Original by Philip Gibbs and Jim Carr, late 1990s.
The origin of mass—where an object gets its mass from, and precisely what mass is—is not understood by physicists. Its fundamental definition goes back to Newton, who essentially defined mass as that property of a body that governs what acceleration it will undergo when acted on by a force. This definition of mass could be applied in a relatively straightforward way for almost two centuries, until Einstein arrived on the scene. In Einstein's theory of motion known as special relativity, the situation is more complicated. Here we find that not only does a body's resistance to acceleration increase with its speed, but that resistance also has a directional dependence, as discussed in the addendum below. If we write down the body's resistance to acceleration along each of the three mutually perpendicular spatial axes, we see that the three expressions have a "greatest common factor" of γ m, where the gamma factor γ = (1–v2/c2)–1/2 is a common quantity in special relativity, and m is the body's mass that would have been measured by Newton if it had been at rest when the force was applied. In the terminology of the subject, this mass m is called the body's rest mass, while γ m is known as its relativistic mass.
On the one hand, the fact that these two terms γ and m appear together indicates that they might be fundamentally related. On the other hand, the fact that they are not mixed together in some more complicated and inextricable way suggests that they are really two quite different entities that are fundamentally unrelated. Until physicists succeed in finding an origin of mass, the extent to which these two terms should or need be treated as "belonging" together can only be a matter of taste, dependent on the application in which they are being used. Currently, rest mass is essential in many areas of physics, whereas relativistic mass is mainly restricted to the dynamics of special relativity. Because of this, a body's rest mass tends to be called simply its "mass".
The idea of relativistic mass actually dates back to Lorentz's work. His 1904 paper Electromagnetic Phenomena in a System Moving With Any Velocity Less Than That of Light introduced the "longitudinal" and "transverse" electromagnetic masses of the electron. With these he could write the equations of motion for an electron in an electromagnetic field in the newtonian form, provided the electron's mass increased with its speed. Between 1905 and 1909, Planck, Lewis and Tolman developed the relativistic theory of force, momentum and energy. A single mass dependence could be used for any acceleration if F = d(mv)/dt (where m is relativistic mass) were to replace F = ma. It seems to have been Lewis who introduced the appropriate speed dependence of mass in 1908, but the term "relativistic mass" appeared later. (Gilbert Lewis was a chemist whose other claim to fame in physics was naming the photon in 1926.) Relativistic mass came into common usage in the relativity text books of the early 1920s written by Pauli, Eddington and Born.
The quantities that a moving observer measures as scaled by γ in special relativity are not restricted to mass. Two others commonly encountered in the subject are a body's length in the direction of motion and its ageing rate, both of which get reduced by a factor of γ when measured by a passing observer.

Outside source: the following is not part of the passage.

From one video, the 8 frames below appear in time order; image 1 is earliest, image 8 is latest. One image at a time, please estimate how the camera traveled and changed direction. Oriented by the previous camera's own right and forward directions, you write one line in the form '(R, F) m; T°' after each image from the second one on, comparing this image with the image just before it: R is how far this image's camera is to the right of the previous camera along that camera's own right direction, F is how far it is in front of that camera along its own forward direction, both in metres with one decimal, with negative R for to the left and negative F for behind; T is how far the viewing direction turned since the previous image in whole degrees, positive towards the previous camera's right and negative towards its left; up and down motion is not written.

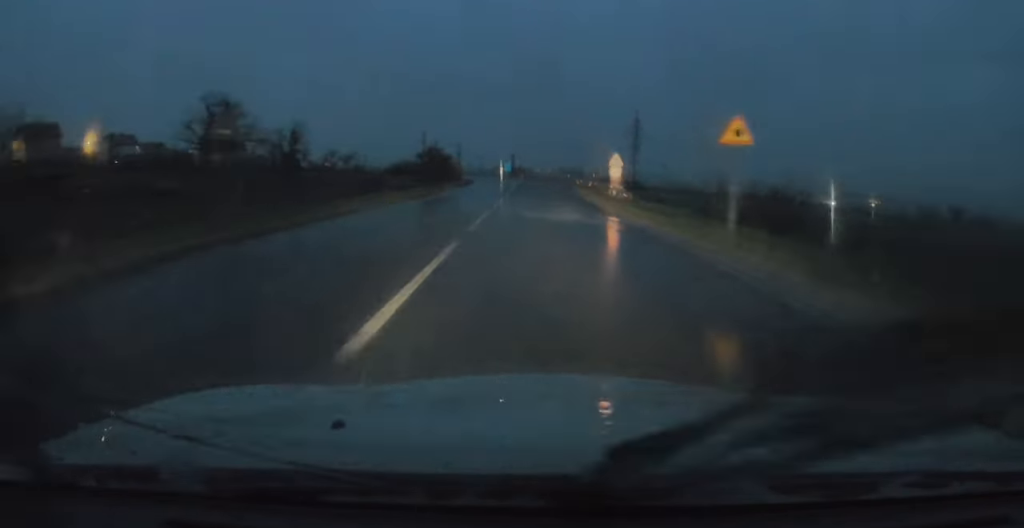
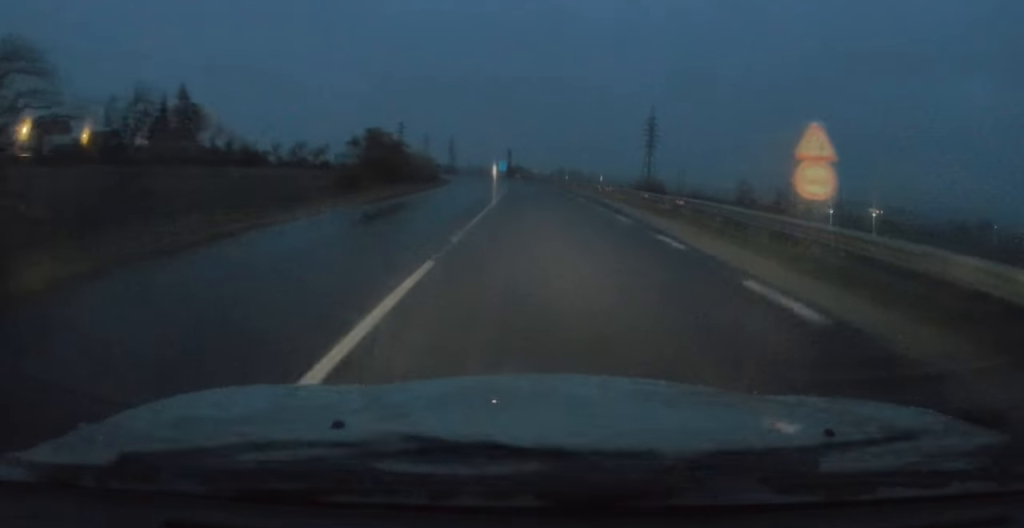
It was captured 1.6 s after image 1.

So, a ruler has a rest length, being the length it was given on the production line, and a relativistic or contracted length in the direction of its motion, which is the length we measure it to have as it moves past us. Likewise, a stationary clock ages normally, but when it moves it ages slowly by the gamma factor. Lastly, an object has a rest mass, being the mass it "came off the production line with", and a relativistic mass, being defined as above. When at rest, the object's rest mass equals its relativistic mass. When it moves, its acceleration is governed by both its relativistic mass (or its rest mass, of course) and its velocity.

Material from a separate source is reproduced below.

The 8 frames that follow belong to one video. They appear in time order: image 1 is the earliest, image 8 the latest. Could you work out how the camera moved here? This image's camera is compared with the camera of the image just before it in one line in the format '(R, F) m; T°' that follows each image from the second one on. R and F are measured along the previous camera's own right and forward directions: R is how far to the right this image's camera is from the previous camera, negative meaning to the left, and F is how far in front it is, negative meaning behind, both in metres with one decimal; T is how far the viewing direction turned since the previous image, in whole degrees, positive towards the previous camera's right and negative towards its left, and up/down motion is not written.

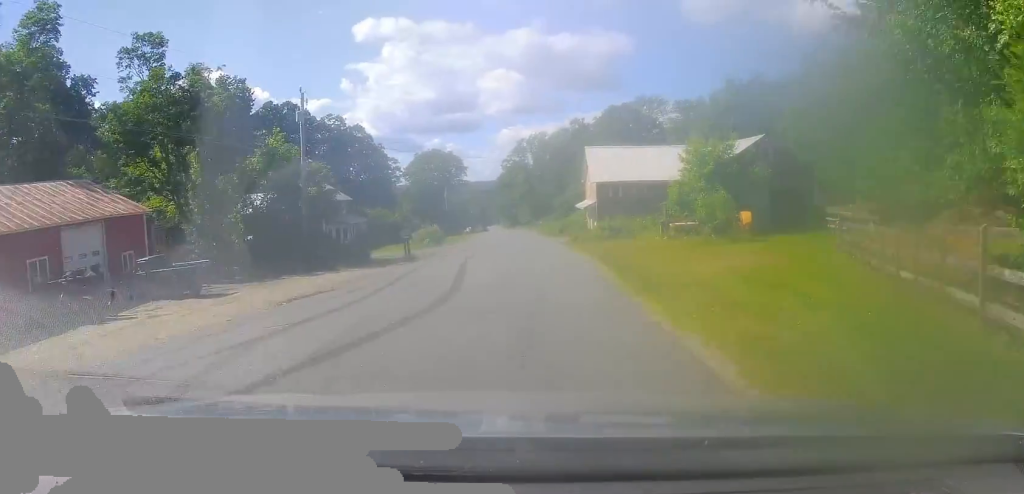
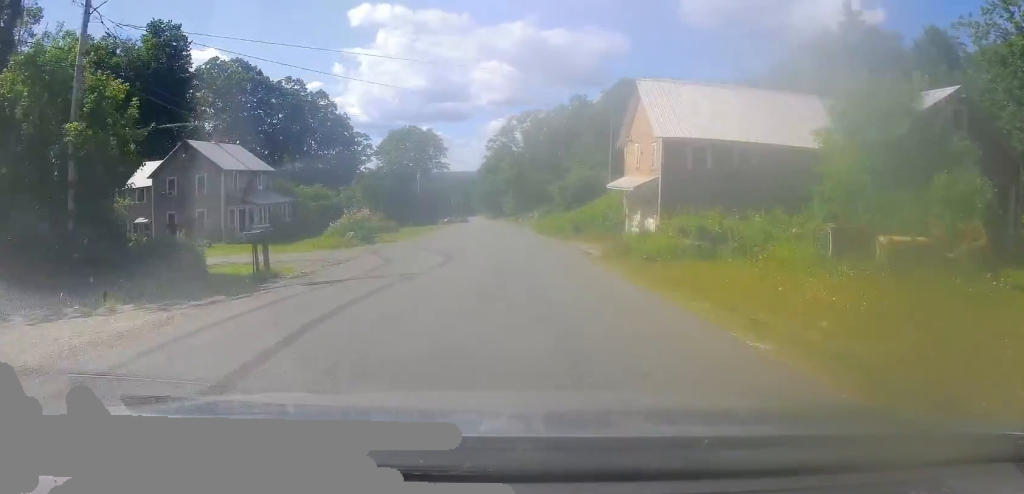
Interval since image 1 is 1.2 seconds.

The use of these γ-scaled quantities is governed only by the extent to which they are useful. While contracted length and time intervals are used—or not—to the extent that they simplify special relativity analyses, relativistic mass has found itself at the centre of much debate in recent years about whether it is necessary in a physics curriculum. All physicists make extensive use of rest mass, but not all physicists would have relativistic mass appear in textbooks, preferring instead always to write it in terms of rest mass when it is used. While this is purely a matter of taste and is not especially deep, it appears that at least some physicists who oppose the use of relativistic mass believe, mistakenly, that all pro relativistic mass physicists are against the idea of rest mass. Just why there should be this perennial confusion about beliefs is a mystery that this FAQ entry doesn't discuss. The question addressed here is: what are some uses of relativistic mass?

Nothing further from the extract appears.